Катя, а это была именно она, вдруг уронила голову на ладони и расплакалась так безнадежно, так горько и жалобно, как может плакать только доведенный до отчаяния человек, как человек, потерявший всякую надежду…
Лидия Ильинична прижала девушку к себе и начала осторожно поглаживать ее давно немытые волосы, выбившиеся из-под платка.
— Ну-ну, милая, успокойся! Все будет хорошо, все образуется.
— Ничего уже не будет хорошо, — прерывающимся голосом ответила Катя. — Ничего… Ничего не осталось…
— Катюша, объясни толком, что у тебя произошло? Может, я чем-нибудь могу помочь?
— Да чем уж тут поможешь, — Катя подняла на нее свой измученный взгляд, полный боли и скорби.
— Знаешь, девочка, пойдем ко мне. Я здесь живу неподалеку, всего пара кварталов и мы на месте. Муж мой сейчас за городом, так что я сама себе хозяйка. Чайку согреем, смотри, ты пока на дороге сидела, вся промокла, — говоря все это, Лидия Ильинична потихоньку помогла Кате подняться и, подхватив ее под локоть, повела с собой, словно маленького ребенка.

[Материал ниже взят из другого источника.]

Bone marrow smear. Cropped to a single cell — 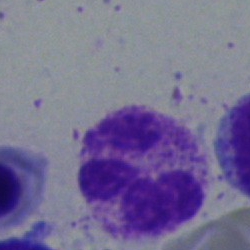This is a neutrophil (segmented).
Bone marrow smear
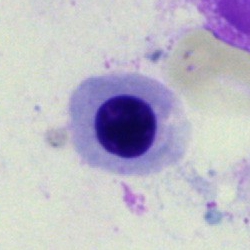 Classification — nucleated red blood cell.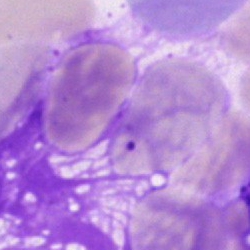 The cell type is artifact.
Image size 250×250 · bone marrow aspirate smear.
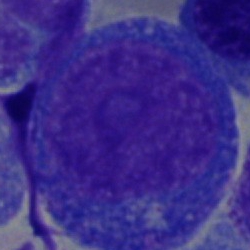
Classification = progranulocyte.
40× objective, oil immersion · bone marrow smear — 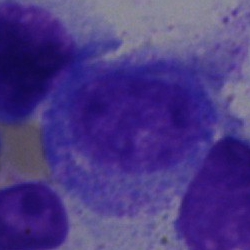
Q: What is the morphological classification of this cell?
A: It is a progranulocyte.
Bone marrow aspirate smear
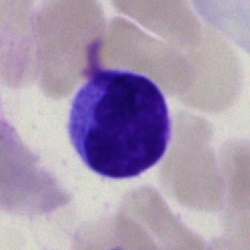

This is a typical lymphocyte.
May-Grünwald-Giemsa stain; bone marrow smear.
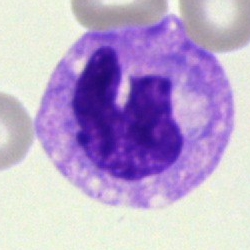

Morphology consistent with a segmented neutrophil.
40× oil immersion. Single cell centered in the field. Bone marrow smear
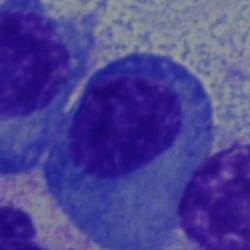

Morphology consistent with a plasma cell.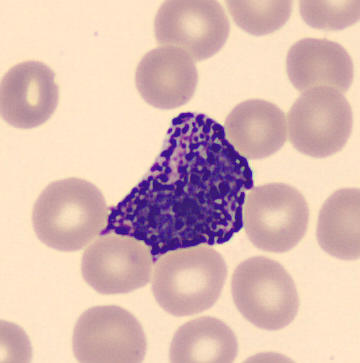
Q: Identify the cell.
A: This is a basophilic granulocyte.
Acquisition: 360×363; automated cell imaging (CellaVision DM96); peripheral blood smear.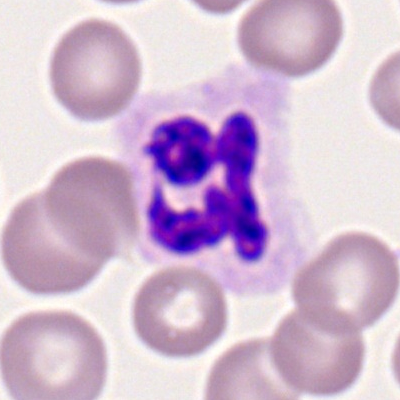

Q: What cell is this?
A: This is a segmented neutrophil.
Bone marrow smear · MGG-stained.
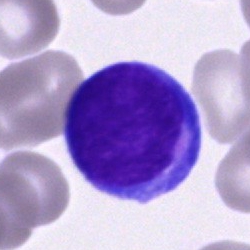 Q: What type of cell is this?
A: It is a typical lymphocyte.
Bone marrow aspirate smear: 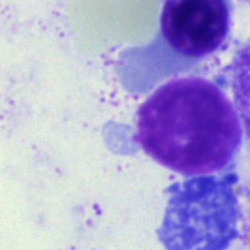
Morphology consistent with an unidentifiable cell.
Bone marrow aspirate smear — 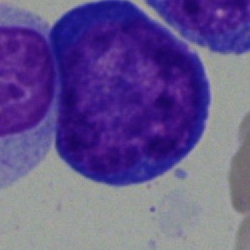Morphology consistent with a blast cell.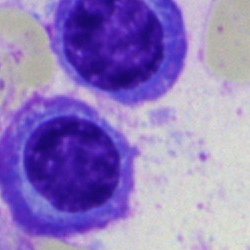Morphological class: plasmacyte.
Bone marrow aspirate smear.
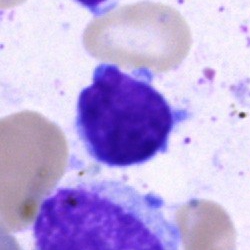

A lymphocyte.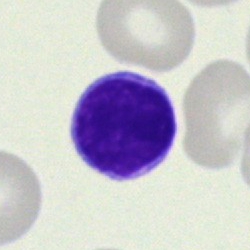 The classification is typical lymphocyte.
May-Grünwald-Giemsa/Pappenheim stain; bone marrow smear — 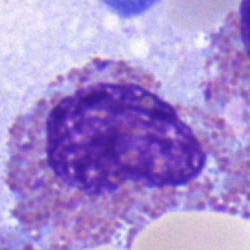 The cell shown is an eosinophilic granulocyte.
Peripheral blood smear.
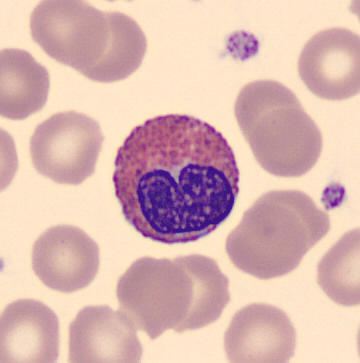The cell is eosinophilic granulocyte.
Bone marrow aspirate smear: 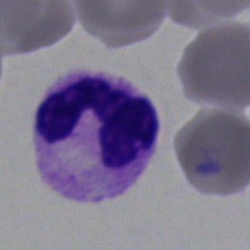The cell type is neutrophil (segmented).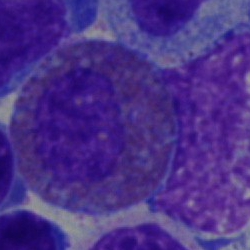 {"cell_type": "eosinophil"}
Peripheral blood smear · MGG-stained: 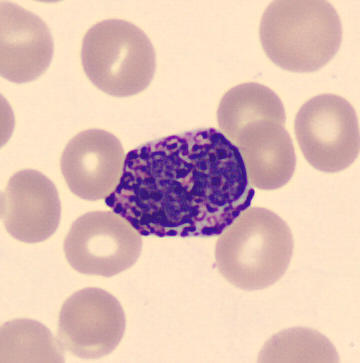 Showing a basophil.
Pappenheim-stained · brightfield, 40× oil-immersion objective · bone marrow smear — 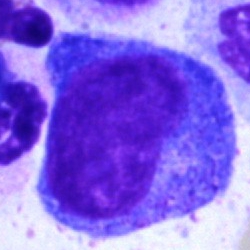

Morphology — promyelocyte.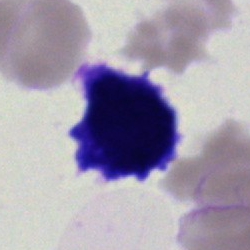

Cell: artifact.
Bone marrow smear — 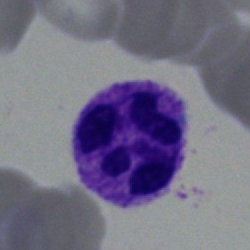
A neutrophil (segmented).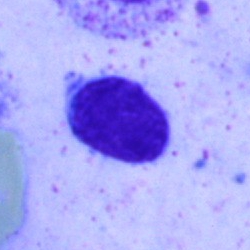
Morphological class = artifact.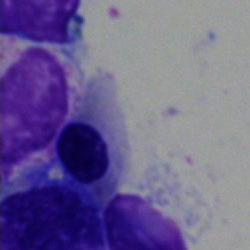 Cell type — nucleated red cell.
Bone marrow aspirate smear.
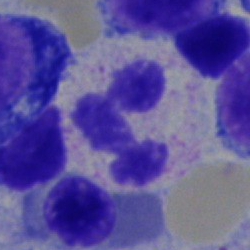Showing a polymorphonuclear neutrophil.
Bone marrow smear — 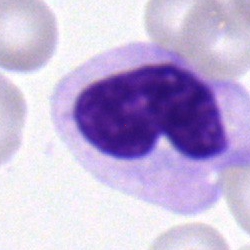
Single cell identified as a metamyelocyte.
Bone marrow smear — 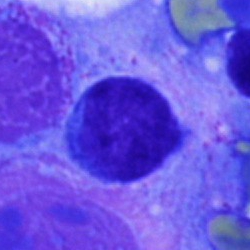
Cell = plasma cell.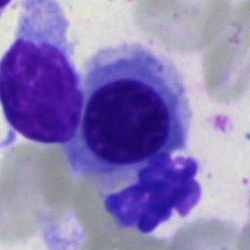 {"cell_type": "erythroblast"}
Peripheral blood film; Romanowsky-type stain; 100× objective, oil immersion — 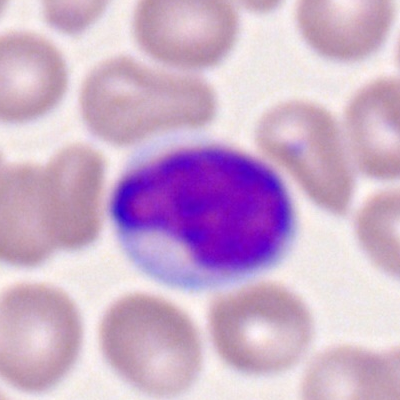 Specimen: peripheral blood film.
Cell: typical lymphocyte.
Lineage: lymphoid.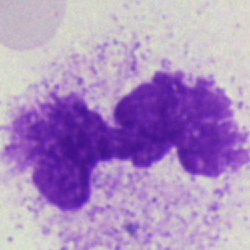 Q: Which cell type is shown here?
A: A neutrophil (segmented).
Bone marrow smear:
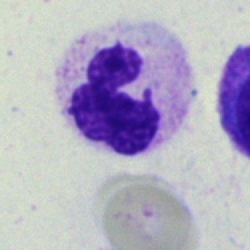 Morphological class = polymorphonuclear neutrophil.
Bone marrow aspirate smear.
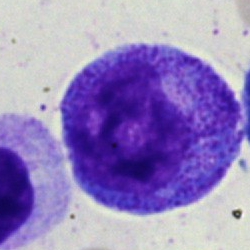 Classification: promyelocyte.
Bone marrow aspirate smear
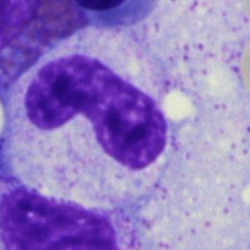

The cell shown is a band neutrophil.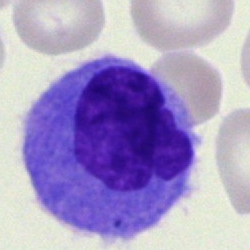 Q: What is the morphological classification of this cell?
A: Monocyte.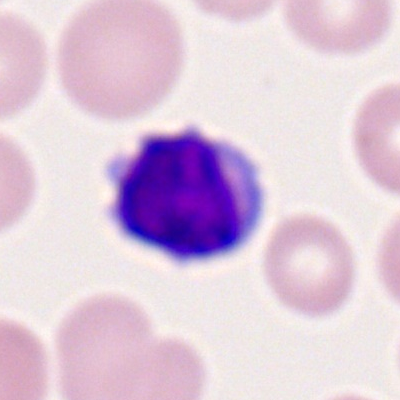
{"cell_type": "lymphocyte", "lineage": "lymphoid"}
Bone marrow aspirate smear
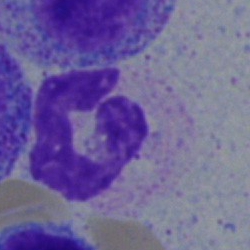
A band neutrophil.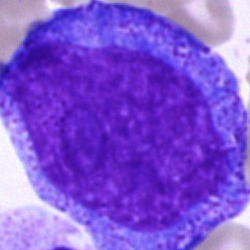

This is a progranulocyte.
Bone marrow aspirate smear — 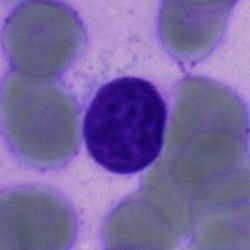

Specimen: bone marrow smear.
Classification: artifact.
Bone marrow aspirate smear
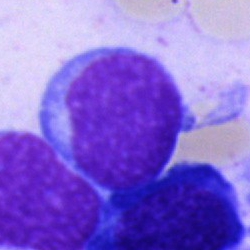
Specimen: bone marrow smear.
Cell type: blast.
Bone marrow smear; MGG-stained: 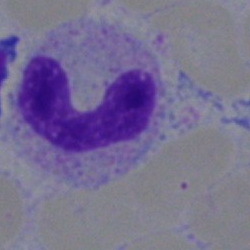 Cell — band neutrophil.
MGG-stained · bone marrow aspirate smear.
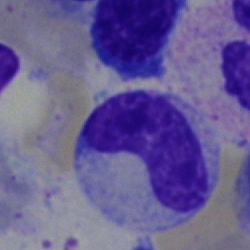 Q: What is shown here?
A: This is a neutrophil (band).
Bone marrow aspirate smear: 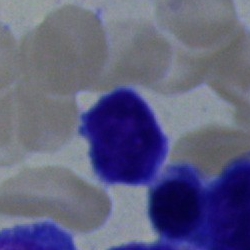

Cell — lymphocyte.
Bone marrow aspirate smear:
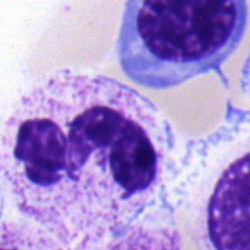

Q: What type of cell is this?
A: Polymorphonuclear neutrophil.
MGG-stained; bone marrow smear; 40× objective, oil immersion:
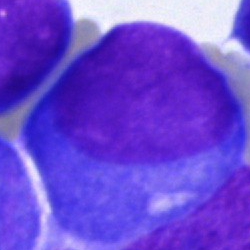Q: Which cell type is shown here?
A: A blast cell.
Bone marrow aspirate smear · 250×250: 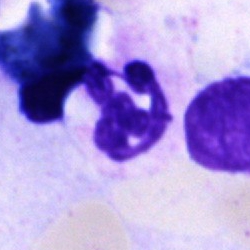Morphology → neutrophil (segmented).
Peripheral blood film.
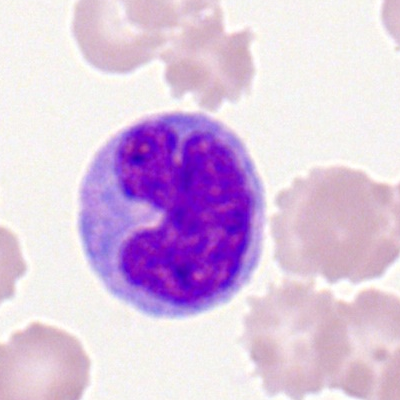 Cell type: monocyte.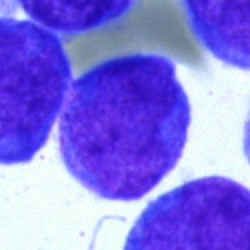

Cell type: blast cell.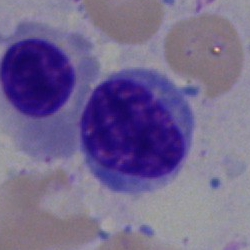
Morphological class — nucleated red blood cell.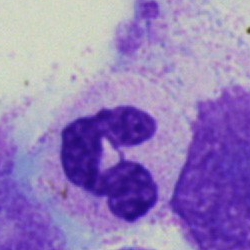 Classification — polymorphonuclear neutrophil.
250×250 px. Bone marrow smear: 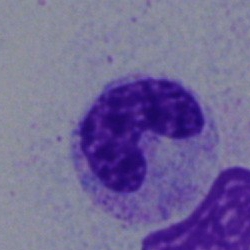

Morphological class: stab cell.
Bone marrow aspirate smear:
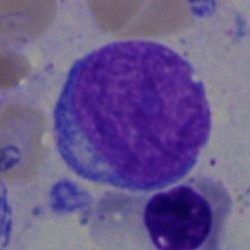Q: What cell is this?
A: This is an undifferentiated blast.
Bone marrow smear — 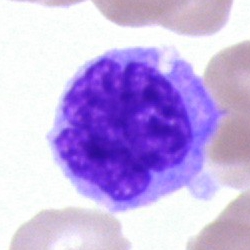A monocyte.
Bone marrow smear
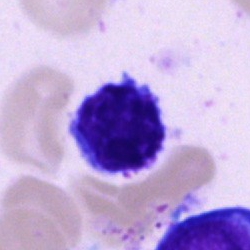
Impression — typical lymphocyte.
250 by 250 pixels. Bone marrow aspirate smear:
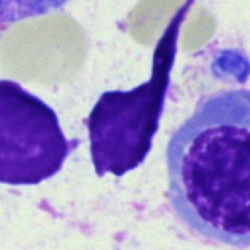Specimen: bone marrow smear.
Cell type: artefact.
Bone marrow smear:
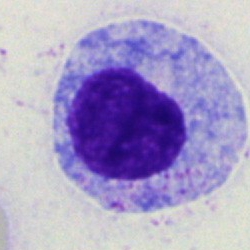Morphology → progranulocyte.
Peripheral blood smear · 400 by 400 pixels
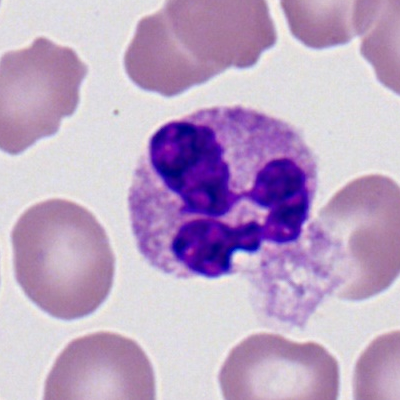 Q: What cell is this?
A: A polymorphonuclear neutrophil.
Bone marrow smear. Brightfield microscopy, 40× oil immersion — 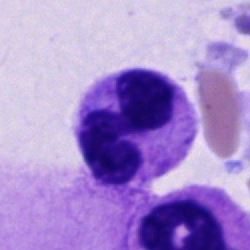Cell — neutrophil (segmented).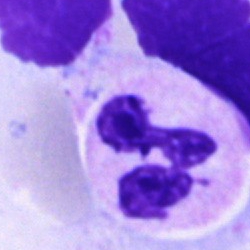
Q: What is shown here?
A: It is a neutrophil (segmented).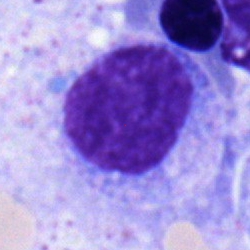 Morphology consistent with a typical lymphocyte.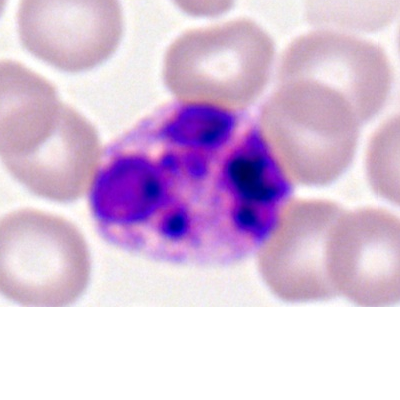
The cell shown is a basophil.
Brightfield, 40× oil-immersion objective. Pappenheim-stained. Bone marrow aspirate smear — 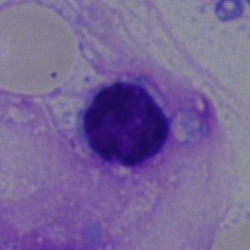Cell: typical lymphocyte.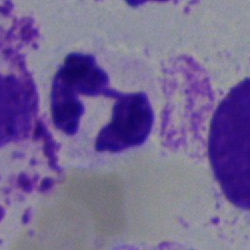

A segmented neutrophil on a bone marrow smear.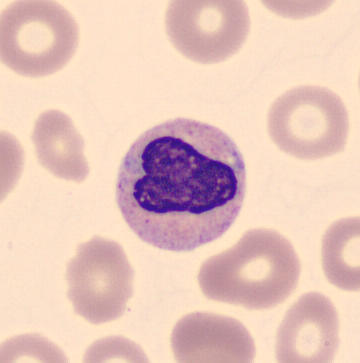

Single cell centered in the field.
Specimen: peripheral blood film.
Cell type: band neutrophil.
Lineage: myeloid.
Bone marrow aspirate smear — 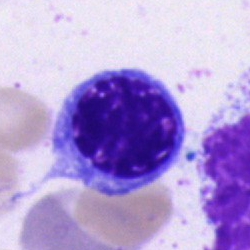{"cell_type": "erythroblast", "lineage": "erythroid"}
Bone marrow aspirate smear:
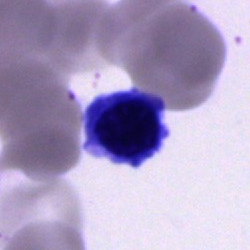 Showing a nucleated red blood cell.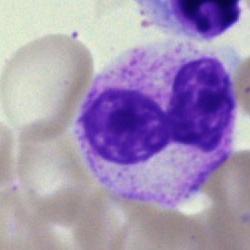
The classification is segmented neutrophil.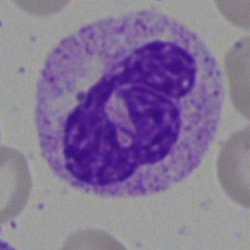 Specimen: bone marrow aspirate smear.
Classification: polymorphonuclear neutrophil.
Lineage: myeloid.
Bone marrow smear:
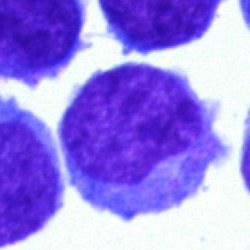

Showing a blast.
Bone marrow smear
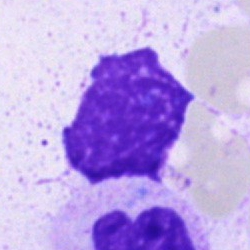

Single cell identified as an artifact.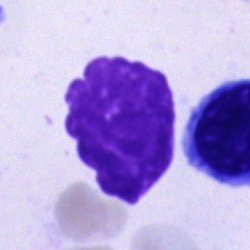Impression → artifact.
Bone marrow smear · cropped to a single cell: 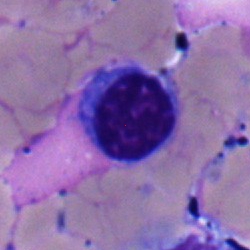Morphological class — lymphocyte.
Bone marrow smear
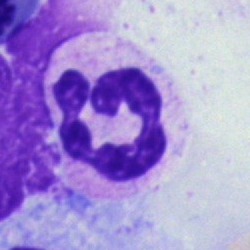Morphology consistent with a polymorphonuclear neutrophil.
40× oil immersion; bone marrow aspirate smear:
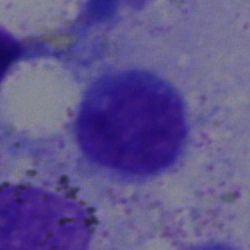

Morphology consistent with a typical lymphocyte.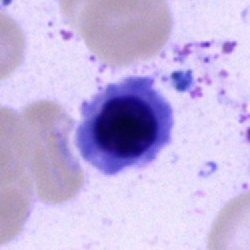Cell type = nucleated red blood cell.
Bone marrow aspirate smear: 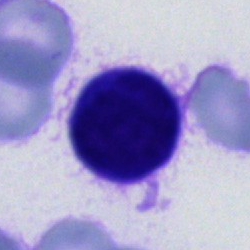Cell type = cell of indeterminate lineage.
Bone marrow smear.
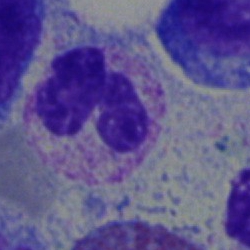

A segmented neutrophil.
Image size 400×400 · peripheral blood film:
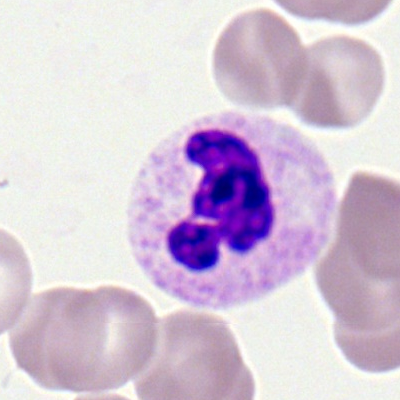

Specimen: peripheral blood film.
Morphological class: segmented neutrophil.
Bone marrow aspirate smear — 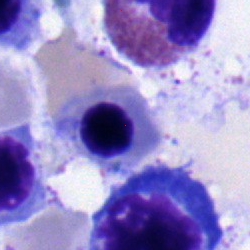

Q: What is the morphological classification of this cell?
A: This is a nucleated red cell.
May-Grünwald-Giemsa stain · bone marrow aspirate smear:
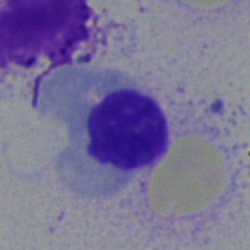
This is a normoblast.
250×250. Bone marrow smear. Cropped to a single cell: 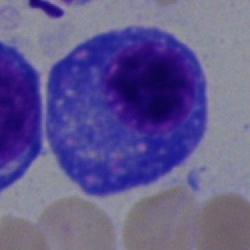

Classification: plasmacyte.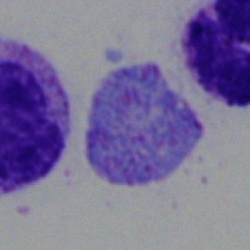

Single cell identified as an artefact.
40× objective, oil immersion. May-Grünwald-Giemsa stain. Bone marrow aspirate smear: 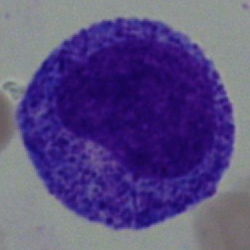
Specimen: bone marrow aspirate smear.
Morphological class: promyelocyte.
Lineage: myeloid.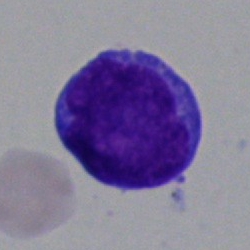Cell type = undifferentiated blast.
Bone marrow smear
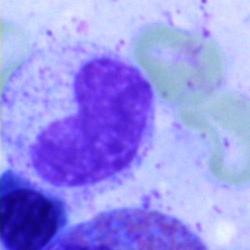
The morphological class is stab cell.
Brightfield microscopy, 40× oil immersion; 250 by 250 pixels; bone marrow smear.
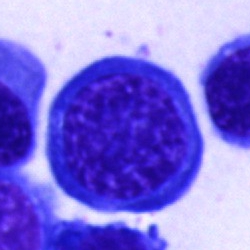

Cell = normoblast.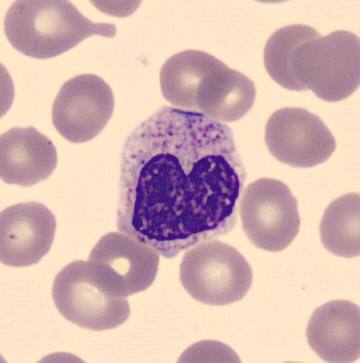
Morphological class: metamyelocyte.
Image: Peripheral blood smear. 360×363 px.

За окнами сгущались фиолетовые майские сумерки. Небо к ночи затянулось рваными тучами, ветер разгулялся не на шутку и из милого шалуна, каким был днем, превратился в неуправляемого хулигана, вырывающего легкие пестрые зонтики из рук припозднившихся прохожих. Казалось, даже фонари, льющие на тротуар свой бледный, цвета скисшего молока, свет, ссутулились под его порывами. Вдалеке послышался первый глухой громовой раскат. Снова будет дождь.
В маленькой комнате приглушенным желтым светом горело маленькое бра. Катюша спала на раскладном диванчике, накрывшись пушистым пледом. Сон ее был глубоким и крепким, потому что Егорова потихоньку плеснула в ее чашку с чаем целую рюмку коньяка. Лидия Ильинична поправила подушку, и, прикрыв за собой дверь, на цыпочках вышла в кухню.